Por muy escasa poesía que exista en la contemplación del paisaje de la plaza llena -cielo azul, bullicio, arte, muerte-, se sentirá uno impregnado de ese vago perfume que sale del aliento de lo bello y embellece con su caricia hasta a los espíritus más cerrados. ¡Cuánto se ha soñado en el patio de cuadrillas, en el ruedo, en la capilla, y en la inmensidad del tendido. Gente, mucha gente, gran animación entre el público que llenó la monumental Plaza México para presenciar la reaparición de El Juli y a unos aprisionados entre cajones y burladores novillones de Marcos Garfias, en medio de un vientecillo que nos llenó de frío y bajó a ver al as de la torería española.

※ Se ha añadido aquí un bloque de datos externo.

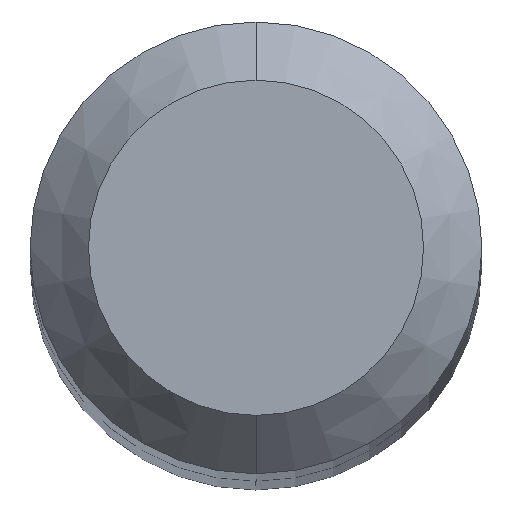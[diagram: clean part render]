
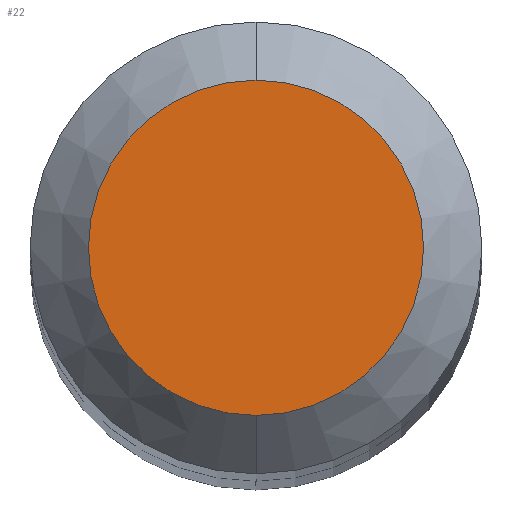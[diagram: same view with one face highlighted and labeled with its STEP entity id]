
A CAD part, top view. The second image highlights one B-rep face of the part: STEP entity #22.
In plain terms, the highlighted planar face has unit normal (0, 0, 1).
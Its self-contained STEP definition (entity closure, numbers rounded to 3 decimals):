
#9 = CIRCLE ( 'NONE', #141, 1.15 ) ;
#22 = ADVANCED_FACE ( 'NONE', ( #223 ), #143, .F. ) ;
#33 = CIRCLE ( 'NONE', #132, 1.15 ) ;
#42 = CARTESIAN_POINT ( 'NONE',  ( 0., 0., 65. ) ) ;
#44 = ORIENTED_EDGE ( 'NONE', *, *, #307, .F. ) ;
#45 = DIRECTION ( 'NONE',  ( 0., 1., 0. ) ) ;
#48 = CARTESIAN_POINT ( 'NONE',  ( 0., -1.15, 65. ) ) ;
#54 = DIRECTION ( 'NONE',  ( 0., 0., -1. ) ) ;
#132 = AXIS2_PLACEMENT_3D ( 'NONE', #42, #54, #299 ) ;
#141 = AXIS2_PLACEMENT_3D ( 'NONE', #271, #242, #45 ) ;
#143 = PLANE ( 'NONE',  #258 ) ;
#159 = CARTESIAN_POINT ( 'NONE',  ( 0., 1.15, 65. ) ) ;
#165 = DIRECTION ( 'NONE',  ( 0., 1., 0. ) ) ;
#209 = EDGE_CURVE ( 'NONE', #217, #329, #33, .T. ) ;
#217 = VERTEX_POINT ( 'NONE', #159 ) ;
#223 = FACE_OUTER_BOUND ( 'NONE', #265, .T. ) ;
#242 = DIRECTION ( 'NONE',  ( 0., 0., -1. ) ) ;
#258 = AXIS2_PLACEMENT_3D ( 'NONE', #313, #280, #165 ) ;
#265 = EDGE_LOOP ( 'NONE', ( #318, #44 ) ) ;
#271 = CARTESIAN_POINT ( 'NONE',  ( 0., 0., 65. ) ) ;
#280 = DIRECTION ( 'NONE',  ( 0., 0., -1. ) ) ;
#299 = DIRECTION ( 'NONE',  ( 0., 1., 0. ) ) ;
#307 = EDGE_CURVE ( 'NONE', #329, #217, #9, .T. ) ;
#313 = CARTESIAN_POINT ( 'NONE',  ( 0., 0., 65. ) ) ;
#318 = ORIENTED_EDGE ( 'NONE', *, *, #209, .F. ) ;
#329 = VERTEX_POINT ( 'NONE', #48 ) ;

La plaza vibraba como herida por un lamento de olés, al inicio de la corrida. ¡El aire! Martinete ronco pasó flotando el aire que decía el poeta Gerardo Diego, merced al giro quebrado de los capotes. Pero... no apareció el toreo julista, vuelo amarillo y rojo de la capa que despide perfume y canciones de martillos en los viejos callejones.
Capote del ``bule'' ya no fue collar y pulsera, ni limón y naranja redondos, ni en el aire se quebraba sin que se moviera, y no volvió loca a la afición ni arrastraba la muleta templada, ni remataba los pases detrás de la cadera entre el humo de los puros que se perdían en el aire.
Total, gran decepción ante un Juli aburrido, sobreadministrado, deslucido, sin chispa y unos novillones sin trapío -nuevamente- de Marco Garfias, sosos, desangelados a tono con El Juli, y mejor ni hablar de Ochoa y Espinoza, en el mismo tenor... ¡Qué decepción!